Problem description: Copy each line of the data below in which the word "highlighted" can be found.

[Saved data entries]
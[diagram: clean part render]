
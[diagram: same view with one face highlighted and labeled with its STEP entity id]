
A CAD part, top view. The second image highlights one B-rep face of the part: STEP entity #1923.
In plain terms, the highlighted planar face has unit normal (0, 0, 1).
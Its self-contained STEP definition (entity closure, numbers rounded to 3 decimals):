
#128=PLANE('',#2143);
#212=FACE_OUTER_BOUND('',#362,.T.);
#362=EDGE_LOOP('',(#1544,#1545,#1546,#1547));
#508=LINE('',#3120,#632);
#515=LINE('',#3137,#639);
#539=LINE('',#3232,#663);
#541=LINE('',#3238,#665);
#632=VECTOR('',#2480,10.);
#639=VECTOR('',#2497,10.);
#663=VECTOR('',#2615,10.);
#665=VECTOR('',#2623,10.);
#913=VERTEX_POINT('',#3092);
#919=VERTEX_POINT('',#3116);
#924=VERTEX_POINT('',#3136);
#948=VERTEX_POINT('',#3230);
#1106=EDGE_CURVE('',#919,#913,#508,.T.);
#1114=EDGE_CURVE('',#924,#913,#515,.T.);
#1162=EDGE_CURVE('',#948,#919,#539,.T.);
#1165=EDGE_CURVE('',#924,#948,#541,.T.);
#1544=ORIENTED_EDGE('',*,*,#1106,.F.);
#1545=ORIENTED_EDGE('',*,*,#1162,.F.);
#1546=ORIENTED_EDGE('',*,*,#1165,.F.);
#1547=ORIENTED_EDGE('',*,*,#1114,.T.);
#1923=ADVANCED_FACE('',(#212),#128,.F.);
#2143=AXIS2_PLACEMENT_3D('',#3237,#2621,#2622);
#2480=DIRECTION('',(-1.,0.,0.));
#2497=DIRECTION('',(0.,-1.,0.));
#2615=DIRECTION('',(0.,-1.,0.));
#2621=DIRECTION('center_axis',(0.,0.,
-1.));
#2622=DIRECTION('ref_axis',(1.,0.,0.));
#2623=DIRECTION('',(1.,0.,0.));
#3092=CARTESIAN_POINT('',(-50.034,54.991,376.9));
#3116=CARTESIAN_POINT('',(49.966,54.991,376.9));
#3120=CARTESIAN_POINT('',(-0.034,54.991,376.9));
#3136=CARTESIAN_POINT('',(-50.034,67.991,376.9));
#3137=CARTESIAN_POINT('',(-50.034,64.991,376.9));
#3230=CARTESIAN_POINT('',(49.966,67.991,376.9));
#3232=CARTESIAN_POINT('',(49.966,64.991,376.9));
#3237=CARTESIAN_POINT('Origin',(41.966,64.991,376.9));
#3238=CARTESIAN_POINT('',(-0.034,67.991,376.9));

Final answer:
[diagram: same view with one face highlighted and labeled with its STEP entity id]
In plain terms, the highlighted planar face has unit normal (0, 0, 1).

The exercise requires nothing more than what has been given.